Not so very long ago, I made my living writing code. My colleagues and I did our best to understand what our customers needed, and to write code that was easy for other programmers to understand, solid, defect free.  When our managers asked us how long it would take to create a new feature or modify and existing program, we studied the problem, considered how much code we’d need to write or change, how we’d integrate the new functions with existing functions, and what sort of testing would allow us to feel confident our work was complete and correct.

Our managers were often not satisfied with our estimates.  They wished we could deliver working software more quickly.  They suggested we were exaggerating how complicated the work was.  They hinted we were padding our estimates, and spoke sternly of work expanding to fill the available time.  Then they revised the estimates to fit their desires and handed down a due date.

Strangely enough, the work usually took longer than the managers wished it would.  Our managers contemplated the gap between wished-for and actual delivery and pronounced us not sufficiently productive.

And so the quest to improve our productivity began.  First it was CASE tools.  They were supposed to improve productivity by an order of magnitude (they did not).  Then came Rapid Application Development (apparently the managers stopped reading after “Rapid”).  The next improvement, Object Oriented programming, was supposed to save the day (it did change the way we think about programming).  When I left that company, the productivity pill was a development methodology that took up an entire 4-foot bookshelf.

And the quest to improve productivity in software organizations marches on.  More and more often, the quest includes some flavor of Agile Methods, and a promise of hyper-productivity, quick delivery, and change for free.

Agile methods can help achieve business results, get software out the door faster, adjust to new priorities, and dramatically reduce the number of errors that reach the customer.

Agile encourages close collaboration with a product owner or customer (whether that’s an internal customer proxy, product owner or an end-user of the software).

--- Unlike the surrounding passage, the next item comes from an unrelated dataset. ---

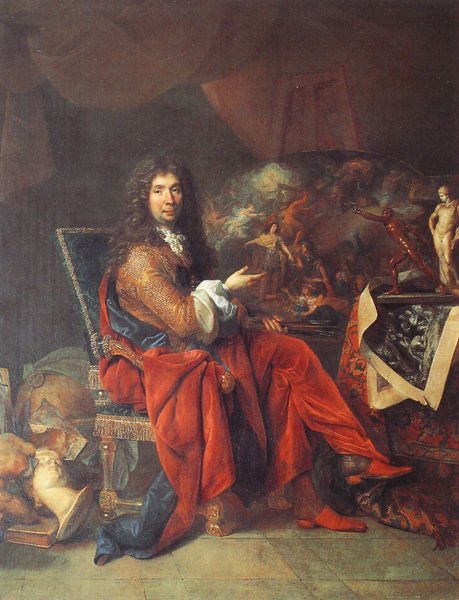
Titel: Charles le Brun, Erster Maler des Königs
Künstler: Nicolas de Largillierre
Institution: Paris, Musée du Louvre
Schlagwörter: hand, kopf, mann, menschen, mund, stuhl, rot, tuch, bild, porträt, boden, haare, sessel, stoff, decke, skulptur, schuhe, maler, staffelei, schuh, pinsel, schu, ludwig, harre, throne

This helps teams understand the customer and his context, so they can make better decisions about feature design. Short iterations and frequent demonstrations of working features keeps development close to customer needs and wants.

Agile methods encourage planning based on demonstrated capacity, using agile methods can help prevent cost overruns and help managers make decisions to continue funding feature development–or not. Iteration planning and tracking story points helps teams and management understand capacity. Without this information, plans are merely wishes.  Armed with such information, managers have the opportunity to review progress and viability at the end of every iteration.

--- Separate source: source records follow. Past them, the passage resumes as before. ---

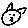
Label: cat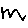
Label: zigzag
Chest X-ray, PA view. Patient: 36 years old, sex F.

Working in short iterations to produce working software can allow a company to realize revenue early; when teams finish small chunks of features each iteration, it’s no longer necessary to wait until all the features are completed to test and deploy. Every feature slice is tested and ready for customer acceptance at the end of the iteration. When the slices add up to a marketable set, managers can choose to release.

Agile engineering practices such as automated unit and customer tests, pair programming, and frequent integration find errors early which reduces the number of defects released to the customer. That results in lower support costs, find and fix costs and bad press generated by buggy products. Practices such as simple design, Test Driven Development and refactoring keep the design flexible and clean, avoiding design degradation and escalating costs for future changes.

Many teams who use agile methods are building strong cross-functional teams and report that their satisfaction with work-life and work/life balance is higher. Working at a sustainable pace and re-establishing pride in work bring intrinsic motivation. That makes it easier to attract and retain employees.

But when agile methods—extreme programming, scrum, kanban or some combination there of—are imposed as a way to “fix” perceived programmer productivity problems, the effort almost always fails.  Sheep-dip training programs, “going agile” by decree and cherry-picking the agile practices that don’t seem difficult won’t achieve great results.

No method, or set of methods can improve results unless managers also change the way they do their work.

Managers need to get organizational systems working.  Managers must do the hard work of understanding the market, their customers, and make difficult choices about what work to do and what work not to do.  Managers need to study how teams and organizations really function and then create systems and environments that don’t hinder people from doing work.

Writing software is hard.  Agile methods can help.  But they are not a silver bullet.  And no method can improve productivity unless management also changes.